# What you are asked to do:
Reproduce the listing below exactly, except for its pictures.

(Source data begins)

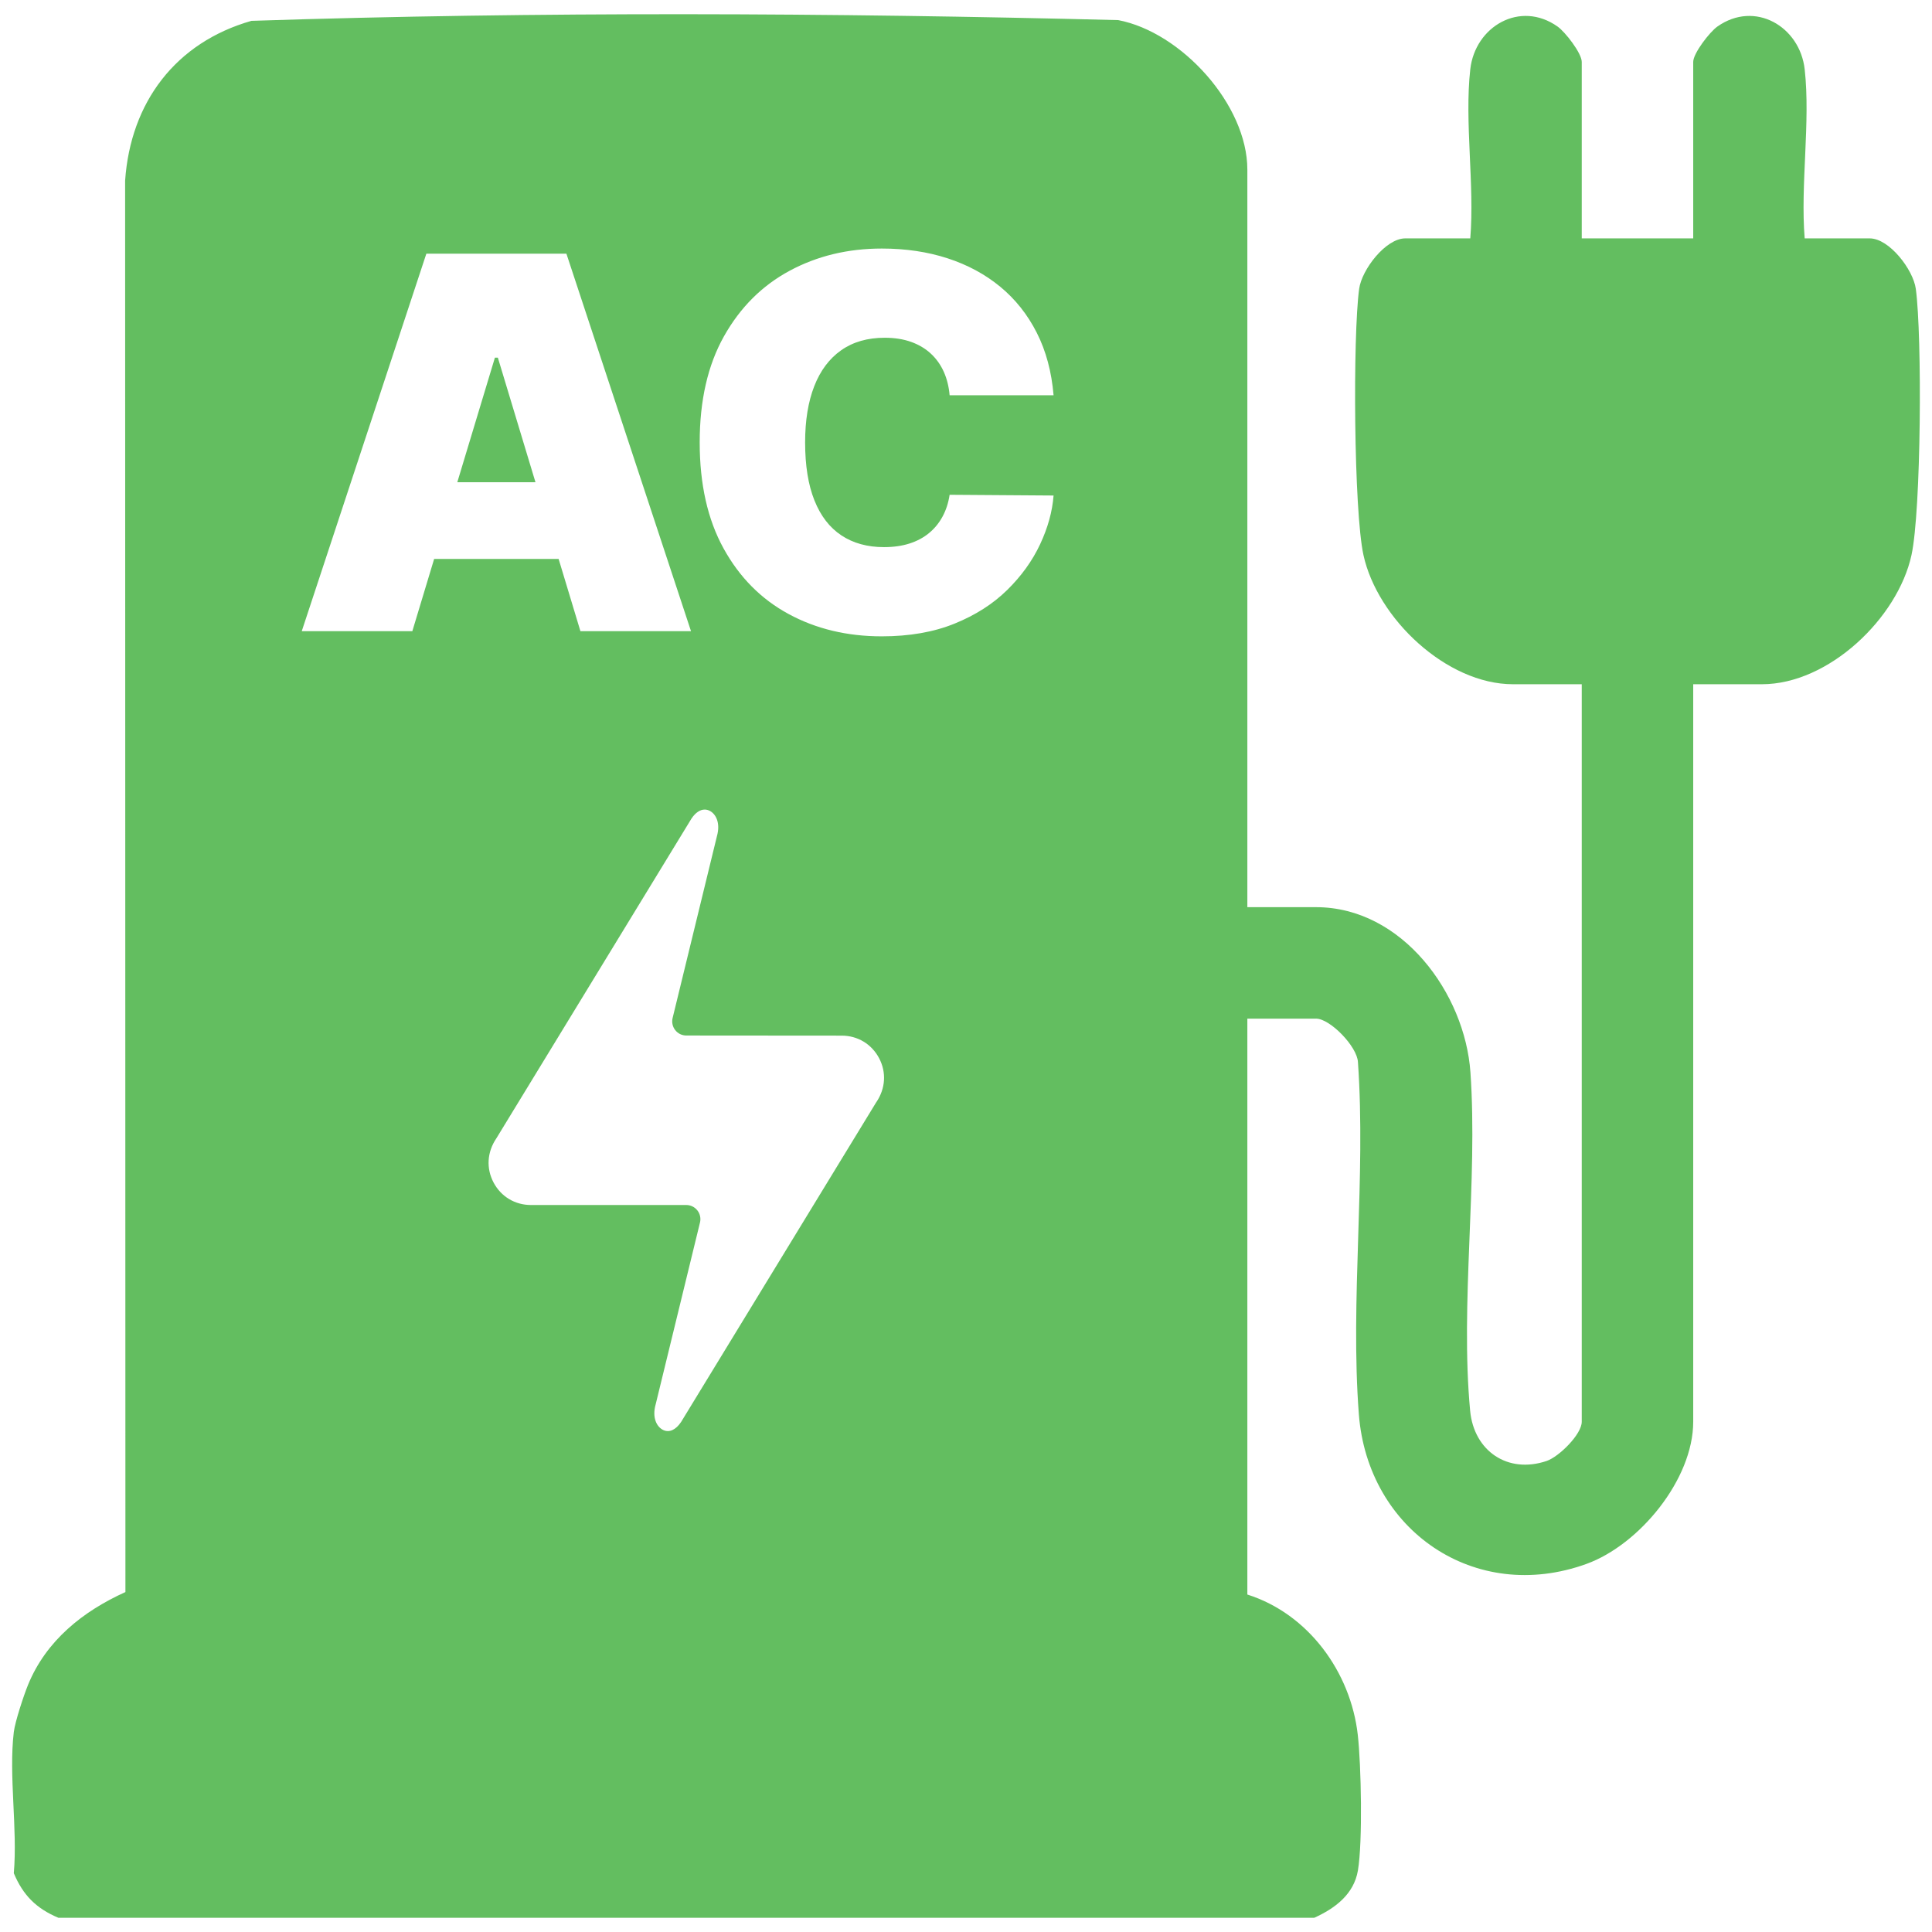<?xml version="1.0" encoding="UTF-8"?>
<svg id="Layer_1" xmlns="http://www.w3.org/2000/svg" version="1.1" viewBox="0 0 512 512">
  <!-- Generator: Adobe Illustrator 29.1.0, SVG Export Plug-In . SVG Version: 2.1.0 Build 142)  -->
  <defs>
    <style>
      .st0 {
        fill: #63be60;
      }
    </style>
  </defs>
  <path class="st0" d="M131.936,94.782h-.78l-9.969,33.018h20.718l-9.969-33.018ZM131.936,94.782h-.78l-9.969,33.018h20.718l-9.969-33.018ZM507.71,76.552c-.693-5.095-7.03-13.378-12.219-13.378h-17.232c-1.166-14.233,1.567-30.866.002-44.805-1.271-11.341-13.177-18.371-23.148-11.325-2.035,1.439-6.393,7.073-6.393,9.359v46.771h-29.541V16.403c0-2.287-4.358-7.92-6.393-9.359-9.971-7.046-21.877-.016-23.148,11.325-1.565,13.939,1.168,30.572.002,44.805h-17.232c-5.19,0-11.529,8.283-12.219,13.378-1.695,12.475-1.435,58.748,1.146,70.56,3.654,16.723,21.955,34.219,39.629,34.219h18.216v195.454c0,3.322-6.03,9.274-9.305,10.386-10.305,3.49-19.267-2.634-20.272-13.302-2.67-28.36,2.076-60.887.078-89.681-1.453-20.926-18.129-43.776-40.904-43.776h-18.216V44.958c0-17.245-17.523-36.437-34.219-39.629-76.307-1.926-153.442-2.304-229.711.195-20.115,5.741-32.034,21.61-33.473,42.348l.081,374.038c-11.253,5.089-21.014,12.849-25.815,24.609-1.139,2.786-3.441,9.783-3.764,12.482-1.381,11.536,1.024,25.591,0,37.418,2.461,5.864,5.974,9.361,11.816,11.814h332.811c5.436-2.461,10.514-6.194,11.578-12.545,1.282-7.624.868-27.907-.036-35.921-1.874-16.649-13.103-32.079-29.268-37.199v-152.619h18.216c3.694,0,10.913,7.384,11.096,11.551,2.136,30.415-2.078,63.162.24,93.302,2.365,30.727,30.72,50.362,60.308,39.653,13.984-5.059,28.299-22.374,28.299-37.672v-195.454h18.216c17.674,0,35.973-17.496,39.626-34.219,2.58-11.811,2.842-58.085,1.148-70.56ZM109.273,167.267h-29.306l33.018-100.033h37.122l33.018,100.033h-29.306l-5.781-19.149h-32.984l-5.781,19.149ZM232.234,292.094l-.009-.007-51.727,84.752c-1.399,2.096-3.12,2.874-4.708,2.141-1.692-.778-3.055-3.206-2.029-6.822l11.747-48.192c.269-1.107.013-2.298-.697-3.197-.711-.906-1.796-1.43-2.941-1.43h-41.171c-4.223,0-7.92-2.224-9.897-5.952-1.977-3.737-1.744-8.05.726-11.695l51.711-84.743c1.047-1.58,2.282-2.403,3.511-2.403.406,0,.809.09,1.206.269,1.692.778,3.055,3.203,2.029,6.812l-11.74,48.17c-.269,1.11-.013,2.3.697,3.197.704.908,1.789,1.43,2.941,1.43l41.178.031c2.112,0,4.093.558,5.793,1.58,1.699,1.024,3.118,2.515,4.107,4.378,1.975,3.728,1.735,8.034-.726,11.679ZM215.834,132.61c1.643,4.12,4.031,7.214,7.155,9.281,3.127,2.069,6.886,3.103,11.282,3.103,2.508,0,4.755-.318,6.741-.953,1.986-.634,3.712-1.553,5.178-2.76,1.464-1.204,2.661-2.663,3.589-4.371.928-1.71,1.556-3.638,1.881-5.788l27.548.195c-.325,4.235-1.513,8.541-3.567,12.919-2.051,4.38-4.956,8.418-8.718,12.114-3.762,3.697-8.409,6.667-13.946,8.913-5.535,2.248-11.966,3.372-19.292,3.372-9.184,0-17.413-1.97-24.69-5.911-7.279-3.939-13.027-9.736-17.243-17.389-4.217-7.651-6.324-17.012-6.324-28.084,0-11.137,2.148-20.523,6.447-28.158,4.297-7.637,10.092-13.417,17.387-17.339,7.294-3.925,15.436-5.887,24.423-5.887,6.317,0,12.13.863,17.436,2.589,5.308,1.726,9.964,4.241,13.97,7.546,4.006,3.307,7.229,7.368,9.671,12.188,2.443,4.82,3.923,10.339,4.445,16.557h-27.548c-.195-2.28-.708-4.347-1.538-6.203-.832-1.856-1.97-3.459-3.419-4.811-1.45-1.352-3.201-2.394-5.252-3.127-2.051-.733-4.38-1.098-6.985-1.098-4.557,0-8.409,1.107-11.551,3.32-3.143,2.215-5.519,5.391-7.131,9.525-1.612,4.136-2.417,9.104-2.417,14.898,0,6.122.82,11.242,2.466,15.36ZM131.156,94.782l-9.969,33.018h20.718l-9.969-33.018h-.78Z"/>
</svg>

(Source data ends)

# Result:
<?xml version="1.0" encoding="UTF-8"?>
<svg id="Layer_1" xmlns="http://www.w3.org/2000/svg" version="1.1" viewBox="0 0 512 512">
  <!-- Generator: Adobe Illustrator 29.1.0, SVG Export Plug-In . SVG Version: 2.1.0 Build 142)  -->
  <defs>
    <style>
      .st0 {
        fill: #63be60;
      }
    </style>
  </defs>
  <path class="st0" d="M131.936,94.782h-.78l-9.969,33.018h20.718l-9.969-33.018ZM131.936,94.782h-.78l-9.969,33.018h20.718l-9.969-33.018ZM507.71,76.552c-.693-5.095-7.03-13.378-12.219-13.378h-17.232c-1.166-14.233,1.567-30.866.002-44.805-1.271-11.341-13.177-18.371-23.148-11.325-2.035,1.439-6.393,7.073-6.393,9.359v46.771h-29.541V16.403c0-2.287-4.358-7.92-6.393-9.359-9.971-7.046-21.877-.016-23.148,11.325-1.565,13.939,1.168,30.572.002,44.805h-17.232c-5.19,0-11.529,8.283-12.219,13.378-1.695,12.475-1.435,58.748,1.146,70.56,3.654,16.723,21.955,34.219,39.629,34.219h18.216v195.454c0,3.322-6.03,9.274-9.305,10.386-10.305,3.49-19.267-2.634-20.272-13.302-2.67-28.36,2.076-60.887.078-89.681-1.453-20.926-18.129-43.776-40.904-43.776h-18.216V44.958c0-17.245-17.523-36.437-34.219-39.629-76.307-1.926-153.442-2.304-229.711.195-20.115,5.741-32.034,21.61-33.473,42.348l.081,374.038c-11.253,5.089-21.014,12.849-25.815,24.609-1.139,2.786-3.441,9.783-3.764,12.482-1.381,11.536,1.024,25.591,0,37.418,2.461,5.864,5.974,9.361,11.816,11.814h332.811c5.436-2.461,10.514-6.194,11.578-12.545,1.282-7.624.868-27.907-.036-35.921-1.874-16.649-13.103-32.079-29.268-37.199v-152.619h18.216c3.694,0,10.913,7.384,11.096,11.551,2.136,30.415-2.078,63.162.24,93.302,2.365,30.727,30.72,50.362,60.308,39.653,13.984-5.059,28.299-22.374,28.299-37.672v-195.454h18.216c17.674,0,35.973-17.496,39.626-34.219,2.58-11.811,2.842-58.085,1.148-70.56ZM109.273,167.267h-29.306l33.018-100.033h37.122l33.018,100.033h-29.306l-5.781-19.149h-32.984l-5.781,19.149ZM232.234,292.094l-.009-.007-51.727,84.752c-1.399,2.096-3.12,2.874-4.708,2.141-1.692-.778-3.055-3.206-2.029-6.822l11.747-48.192c.269-1.107.013-2.298-.697-3.197-.711-.906-1.796-1.43-2.941-1.43h-41.171c-4.223,0-7.92-2.224-9.897-5.952-1.977-3.737-1.744-8.05.726-11.695l51.711-84.743c1.047-1.58,2.282-2.403,3.511-2.403.406,0,.809.09,1.206.269,1.692.778,3.055,3.203,2.029,6.812l-11.74,48.17c-.269,1.11-.013,2.3.697,3.197.704.908,1.789,1.43,2.941,1.43l41.178.031c2.112,0,4.093.558,5.793,1.58,1.699,1.024,3.118,2.515,4.107,4.378,1.975,3.728,1.735,8.034-.726,11.679ZM215.834,132.61c1.643,4.12,4.031,7.214,7.155,9.281,3.127,2.069,6.886,3.103,11.282,3.103,2.508,0,4.755-.318,6.741-.953,1.986-.634,3.712-1.553,5.178-2.76,1.464-1.204,2.661-2.663,3.589-4.371.928-1.71,1.556-3.638,1.881-5.788l27.548.195c-.325,4.235-1.513,8.541-3.567,12.919-2.051,4.38-4.956,8.418-8.718,12.114-3.762,3.697-8.409,6.667-13.946,8.913-5.535,2.248-11.966,3.372-19.292,3.372-9.184,0-17.413-1.97-24.69-5.911-7.279-3.939-13.027-9.736-17.243-17.389-4.217-7.651-6.324-17.012-6.324-28.084,0-11.137,2.148-20.523,6.447-28.158,4.297-7.637,10.092-13.417,17.387-17.339,7.294-3.925,15.436-5.887,24.423-5.887,6.317,0,12.13.863,17.436,2.589,5.308,1.726,9.964,4.241,13.97,7.546,4.006,3.307,7.229,7.368,9.671,12.188,2.443,4.82,3.923,10.339,4.445,16.557h-27.548c-.195-2.28-.708-4.347-1.538-6.203-.832-1.856-1.97-3.459-3.419-4.811-1.45-1.352-3.201-2.394-5.252-3.127-2.051-.733-4.38-1.098-6.985-1.098-4.557,0-8.409,1.107-11.551,3.32-3.143,2.215-5.519,5.391-7.131,9.525-1.612,4.136-2.417,9.104-2.417,14.898,0,6.122.82,11.242,2.466,15.36ZM131.156,94.782l-9.969,33.018h20.718l-9.969-33.018h-.78Z"/>
</svg>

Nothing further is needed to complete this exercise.